Anthropologist studies ‘Silk Road’ from Shanghai to Milan

By Jennifer McNulty

Like the ancient trade route that moved goods from China to Europe, today’s "Silk Road" runs from the high-fashion design studios of Milan to the textile factories of Shanghai, says anthropology professor Lisa Rofel.



Cultural anthropologist Lisa Rofel will spend spring quarter in Shanghai and the nearby cities of Hangzhou and Jiaxing. Photo: Jennifer McNulty

But more than goods are transported on the modern path, according to Rofel, who is embarking on a detailed case study of how contact with the fashion capital of Italy is influencing business and cultural practices in postcommunist China.

The contrasts between the two countries are striking and irresistible to Rofel, a cultural anthropologist who has witnessed cataclysmic changes in China over the past 20 years as it has embraced capitalism and emerged as a major player in the global economy.

“The majority of textile production for the world takes place in China,” noted Rofel. “They manufacture for Russia, India, Eastern Europe, and Latin America. It’s not just the United States, though we’re a huge market for them.”

By contrast, Italy’s major export is style, and its high-fashion industry—dominated by names like Versace and Dolce & Gabbana—has eclipsed Paris as the harbinger of worldwide fashion, said Rofel. “When you think about what Italy is good at exporting, it’s mainly taste,” she said. “Whether it’s clothes, shoes, cars, or furniture, Italy is known for taste.”

Since 2001, when China joined the World Trade Organization, most of Italy’s top fashion houses have moved production to China, according to Rofel, who became fascinated by the “cultural encounters” she anticipated taking place between Chinese and Italians.

For example, Rofel noted that Italian business is dominated by small to medium-sized family-owned firms with fewer than 100 employees, while Chinese textile manufacturing is dominated by factories with more than 1,000 employees. Italy is a nation with a strong union tradition, while manufacturing in postcommunist China takes place in facilities run by a “fascinating mix” of local government officials and private entrepreneurs, said Rofel.

“Socialism is dead in China, but this is nevertheless a time of major transition for the country,” said Rofel, whose project, "Made in China, Designed in Italy: The Twenty-First Century Silk Road,” attracted a $25,000 grant from the Wenner-Gren Foundation for Anthropological Research. Rofel and her colleague Sylvia Yanagisako, a professor of anthropology at Stanford University, will spend spring quarter in Shanghai and the nearby cities of Hangzhou and Jiaxing.

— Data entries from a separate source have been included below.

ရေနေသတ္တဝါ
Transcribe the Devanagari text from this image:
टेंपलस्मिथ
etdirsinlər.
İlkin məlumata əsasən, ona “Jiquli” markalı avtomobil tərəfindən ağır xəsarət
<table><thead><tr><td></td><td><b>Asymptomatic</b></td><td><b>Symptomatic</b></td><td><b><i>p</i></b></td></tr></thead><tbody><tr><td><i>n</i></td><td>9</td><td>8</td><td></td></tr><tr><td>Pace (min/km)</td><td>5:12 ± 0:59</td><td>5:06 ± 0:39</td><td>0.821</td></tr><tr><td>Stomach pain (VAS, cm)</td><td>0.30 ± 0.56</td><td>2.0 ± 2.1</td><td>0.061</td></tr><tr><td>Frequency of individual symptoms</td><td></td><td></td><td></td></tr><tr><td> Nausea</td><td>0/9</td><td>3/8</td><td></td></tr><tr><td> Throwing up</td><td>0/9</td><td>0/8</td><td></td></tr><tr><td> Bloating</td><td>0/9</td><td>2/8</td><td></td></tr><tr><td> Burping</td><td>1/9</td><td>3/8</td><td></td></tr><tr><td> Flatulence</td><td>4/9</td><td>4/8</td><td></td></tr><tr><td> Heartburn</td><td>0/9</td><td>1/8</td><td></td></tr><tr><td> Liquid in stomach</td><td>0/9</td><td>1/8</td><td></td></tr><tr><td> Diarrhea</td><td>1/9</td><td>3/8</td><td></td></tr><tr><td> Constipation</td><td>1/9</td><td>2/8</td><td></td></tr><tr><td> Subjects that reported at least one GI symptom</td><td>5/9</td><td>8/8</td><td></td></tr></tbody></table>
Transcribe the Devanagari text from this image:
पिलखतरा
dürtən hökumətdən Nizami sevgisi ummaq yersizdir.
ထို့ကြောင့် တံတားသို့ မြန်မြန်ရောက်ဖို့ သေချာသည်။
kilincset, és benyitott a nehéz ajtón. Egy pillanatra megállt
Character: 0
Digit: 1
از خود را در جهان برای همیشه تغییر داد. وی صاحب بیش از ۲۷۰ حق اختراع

“There is an emerging middle class in China, made up of professionals and entrepreneurs who do have the money to buy expensive, high-taste goods,” said Rofel. Although still only perhaps 10 percent of the population, this group represents a huge number of potential consumers in China, where cities like Shanghai boast 16 million residents, noted Rofel.

All the major Italian fashion houses have opened boutiques on China’s fanciest boulevards, which Rofel sees as a calculated move designed to foster desires that will ultimately pay dividends.

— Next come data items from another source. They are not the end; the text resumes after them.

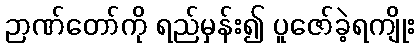
ဉာဏ်တော်ကို ရည်မှန်း၍ ပူဇော်ခဲ့ရကျိုး
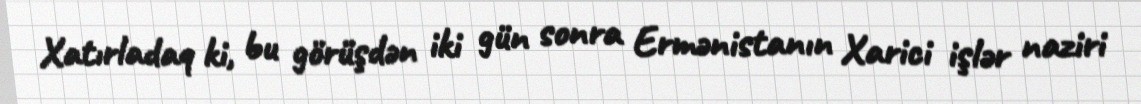
Xatırladaq ki, bu görüşdən iki gün sonra Ermənistanın Xarici işlər naziri
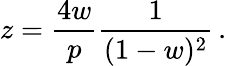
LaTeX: z={\frac{4w}{p}}{\frac{1}{(1-w)^{2}}}\, .
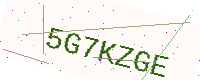
Text: 5G7KZGE
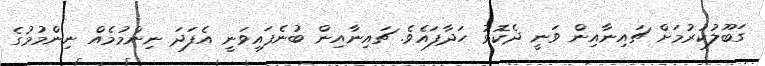
ގަބޫލުކުރުމަށް ޗައިނާއިން ވަނީ ދެކޮޅު ހަދާފައެވެ. ޗައިނާއިން ބުނެފައިވަނީ އެފަދަ ނިންމުމެއް ނިންމުމުގެ
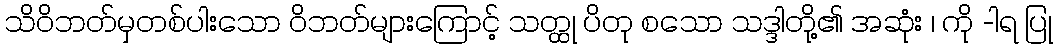
သိဝိဘတ်မှတစ်ပါးသော ဝိဘတ်များကြောင့် သတ္ထု ပိတု စသော သဒ္ဒါတို့၏ အဆုံး ၊ ကို -ါရ ပြု
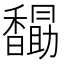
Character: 𮩭
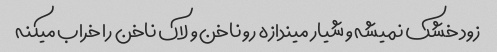
زود خشک نمیشه و شیار میندازه رو ناخن و لاک ناخن را خراب میکنه
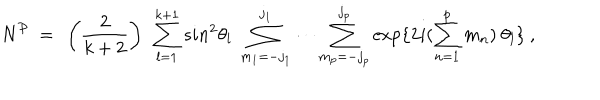
N ^ { \cal P } ~ = ~ \left( \frac { 2 } { k + 2 } \right) ~ \sum _ { l = 1 } ^ { k + 1 } s i n ^ { 2 } \theta _ { l } ~ \sum _ { m _ { 1 } = - j _ { 1 } } ^ { j _ { 1 } } \cdots \sum _ { m _ { p } = - j _ { p } } ^ { j _ { p } } \exp \{ 2 i ( \sum _ { n = 1 } ^ { p } m _ { n } ) ~ \theta _ { l } \} ~ ,
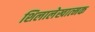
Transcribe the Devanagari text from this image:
शिलालेखात्‍मक
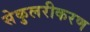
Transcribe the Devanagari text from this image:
सेकुलरीकरण
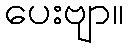
ပေးဗျာ။
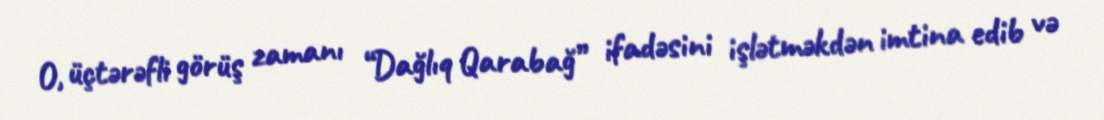
O, üçtərəfli görüş zamanı “Dağlıq Qarabağ” ifadəsini işlətməkdən imtina edib və
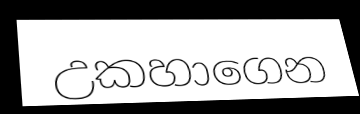
උකහාගෙන
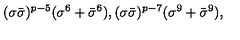
( \sigma \bar { \sigma } ) ^ { p - 5 } ( \sigma ^ { 6 } + \bar { \sigma } ^ { 6 } ) , ( \sigma \bar { \sigma } ) ^ { p - 7 } ( \sigma ^ { 9 } + \bar { \sigma } ^ { 9 } ) ,

“There’s a lot of window shopping going on right now, but not much buying yet,” she said. “It’s all about creating the taste, the desire, and the sense of felt need—the idea that if you want to move as a cosmopolitan person in the world, you need to look a certain way.”

At the same time, there’s a large group of unemployed Chinese workers who used to labor in state-run factories, and peasants who’ve migrated from villages to cities, where they work without residence permits in fields like construction and housekeeping. “They’re like undocumented immigrants here,” said Rofel. “They do the work no one else will, and they keep coming because there are jobs.”

Rofel is eager to spend time in factories and boutiques with workers, managers, and owners to observe firsthand how Italians and Chinese respond to what they learn about each others’ cultures and business styles.

“The Chinese are very bureaucratic, while the Italians like to turn things over,” Rofel said, snapping her fingers to illustrate a fast pace. “The moment is right for a detailed case study of how workers on the ground confront each other from such divergent business, historical, and cultural traditions.”